Yun Liu, Ruifang Wang, Jing Li, Jingjing Rao, Weiyang Li, J R Falck, Vijay L. Manthati, Meetha Medhora, Elizabeth R. Jacobs, Daling Zhu

Research output: Contribution to journalArticle

14 Citations (Scopus)

Abstract

Epoxyeicosatrienoic acids (EETs), cytochrome P450-derived metabolites of arachidonic acid, have been reported to increase intracellular calcium concentration in aortic vascular smooth muscle cells (SMCs). As EETs are labile, we synthesized a new stable urea EET analog with agonist and soluble epoxide hydrolase (sEH) inhibitor properties. We refer to this analog, 12-(3-hexylureido)dodec-8-enoic acid, as 8-HUDE. Measuring tension of vascular rings, intracellular calcium signaling by confocal laser scanning microscopy and gene expression by reverse-transcription-PCR and western blots, we examined the effects of 8-HUDE on pulmonary vascular tone and calcium signaling in rat pulmonary artery (PA) SMCs (PASMCs). 8-HUDE increased the tension of rat PAs to 145% baseline, whereas it had no effect on the tension of mesenteric arteries (MAs).

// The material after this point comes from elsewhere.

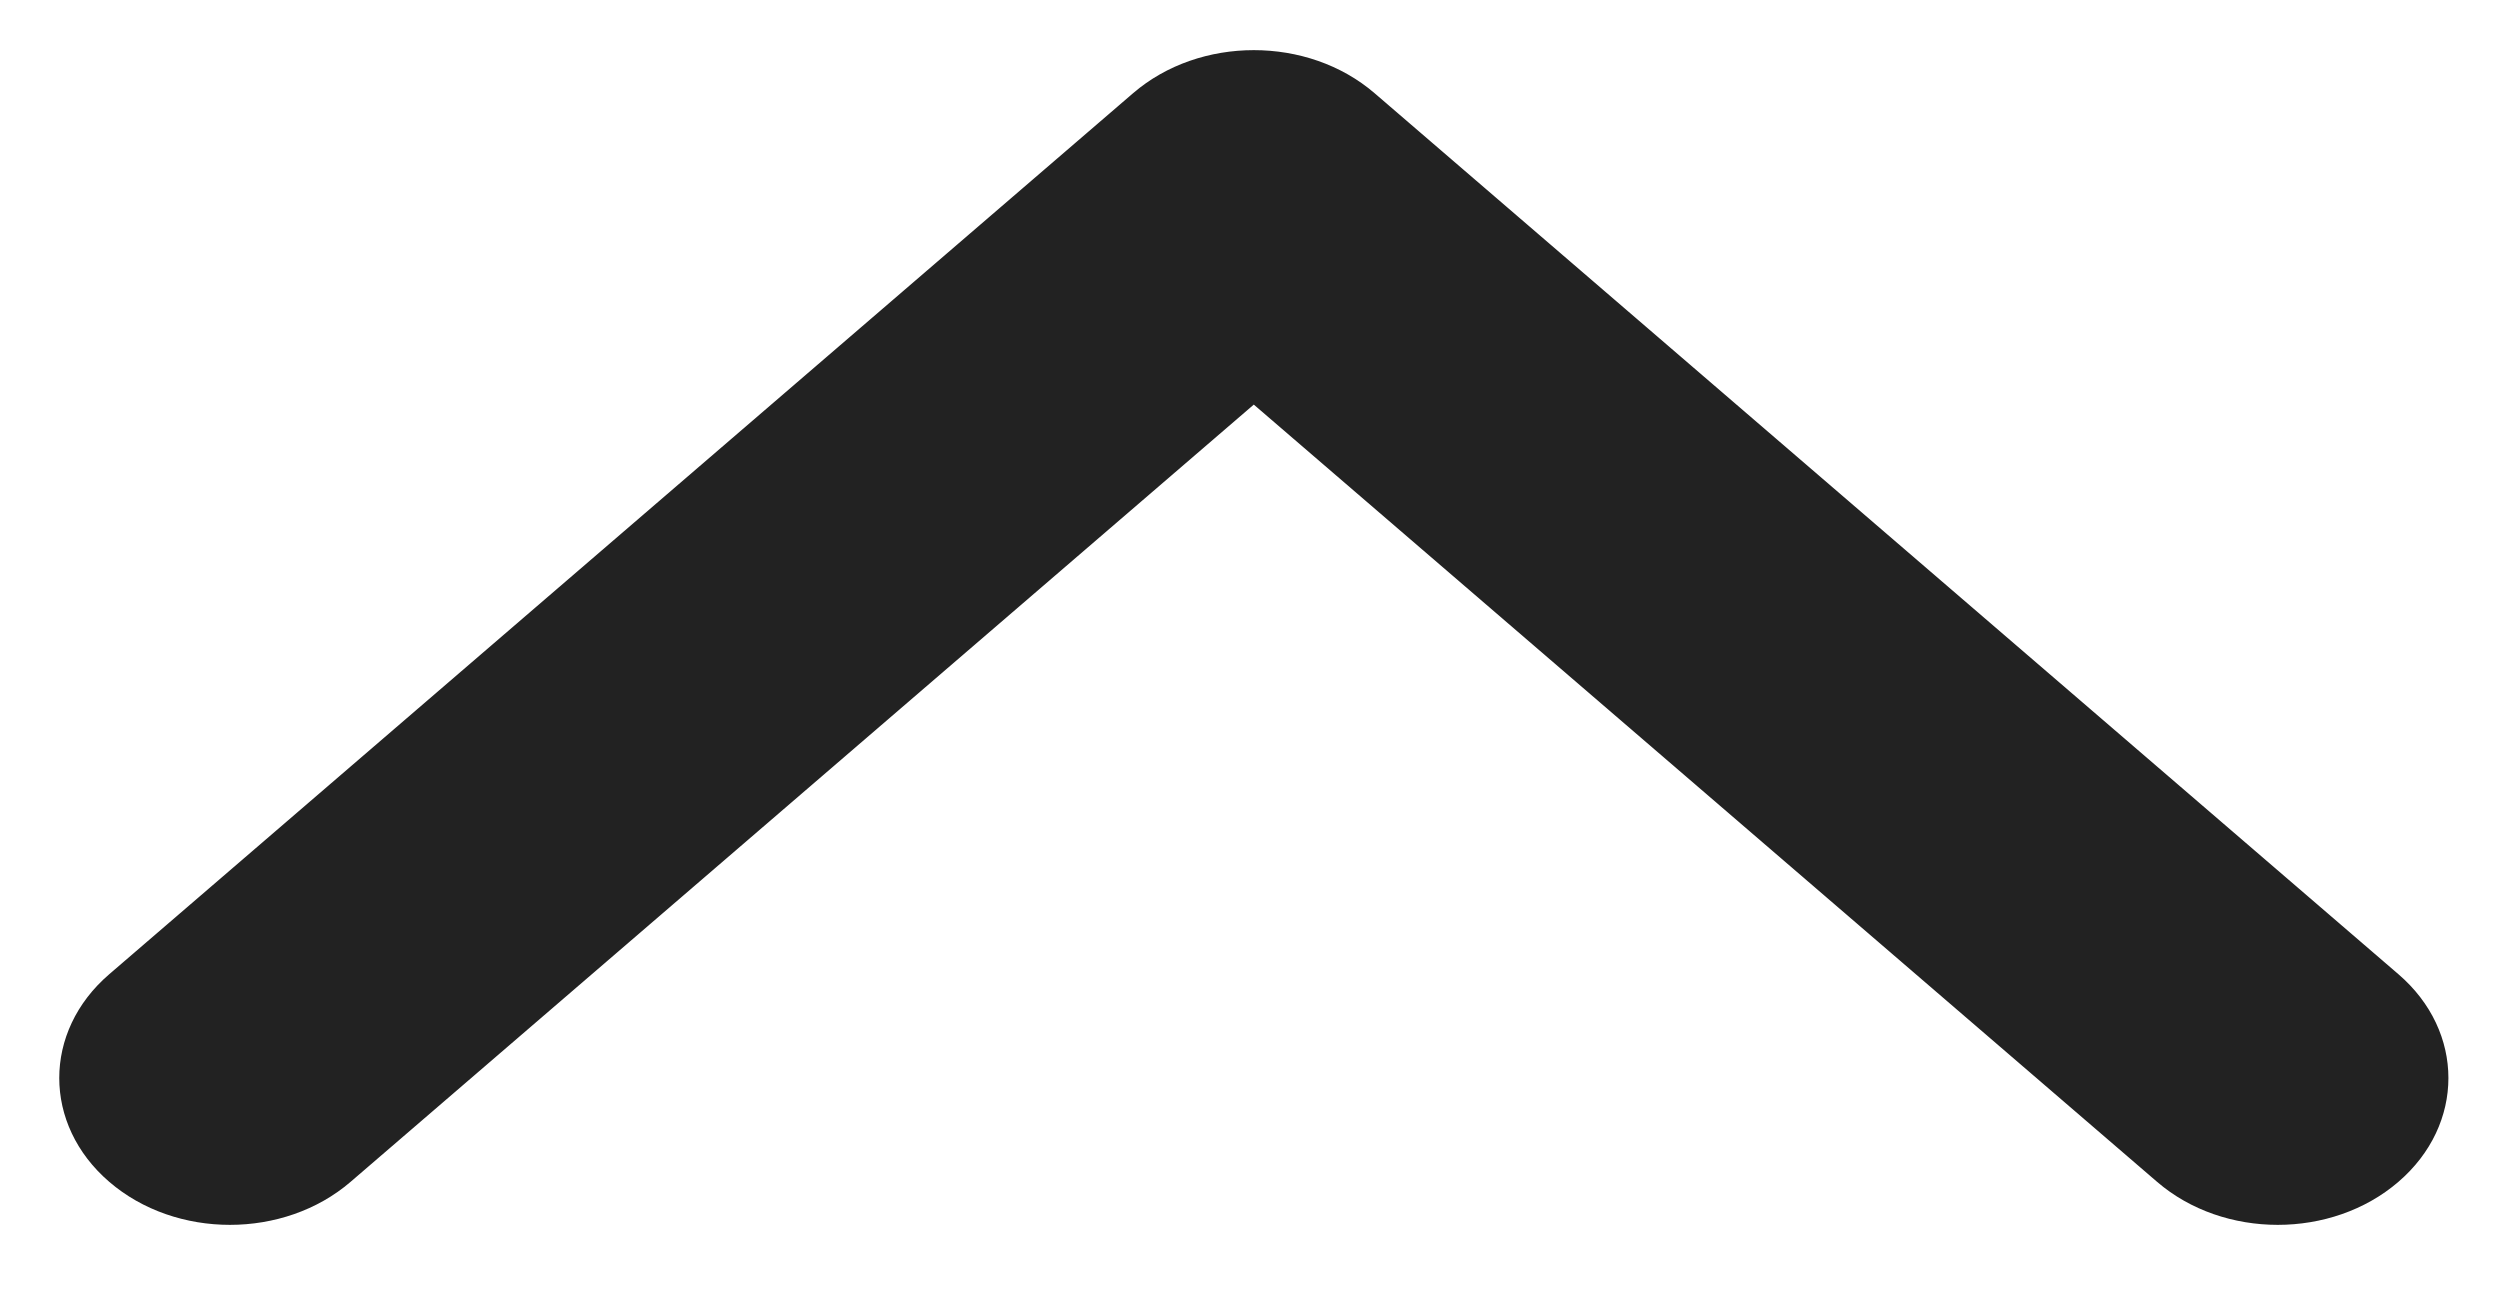 <svg  viewBox="0 0 31 16" fill="none" xmlns="http://www.w3.org/2000/svg">
<path fill="#222"  fill-rule="evenodd" clip-rule="evenodd" d="M29.74 14.655C28.914 15.366 27.574 15.366 26.748 14.655L15.547 5.017L4.347 14.655C3.521 15.366 2.181 15.366 1.355 14.655C0.528 13.944 0.528 12.791 1.355 12.08L14.051 1.155C14.878 0.444 16.217 0.444 17.044 1.155L29.74 12.08C30.567 12.791 30.567 13.944 29.74 14.655Z" />
</svg>

The 8-HUDE-induced increase in vascular tone was abolished by removal of extracellular Ca2+ or by pretreatment with either La 3 or SKF96365, which are inhibitors of canonical transient receptor potential channels (TRPCs). Furthermore, 8-HUDE-evoked increases in Ca2+ i in PASMCs could be blunted by inhibition of TRPC with SKF96365, removal of extracellular calcium or depletion of intracellular calcium stores with caffeine, cyclopiazonic acid or 2-aminoethoxydiphenyl borate, but not by the voltage-activated calcium channel blocker nifedipine. In addition to immediate effects on calcium signaling, 8-HUDE upregulated the expression of TRPC1 and TRPC6 at both mRNA and protein levels in rat PASMCs, whereas it suppressed the expression of sEH. Our observations suggest that 8-HUDE increases PA vascular tone through increased release of calcium from intracellular stores, enhanced Ca2+ i influx in PASMCs through store-operated Ca2+ channels and modulated the expression of TRPC and sEH proteins in a proconstrictive manner.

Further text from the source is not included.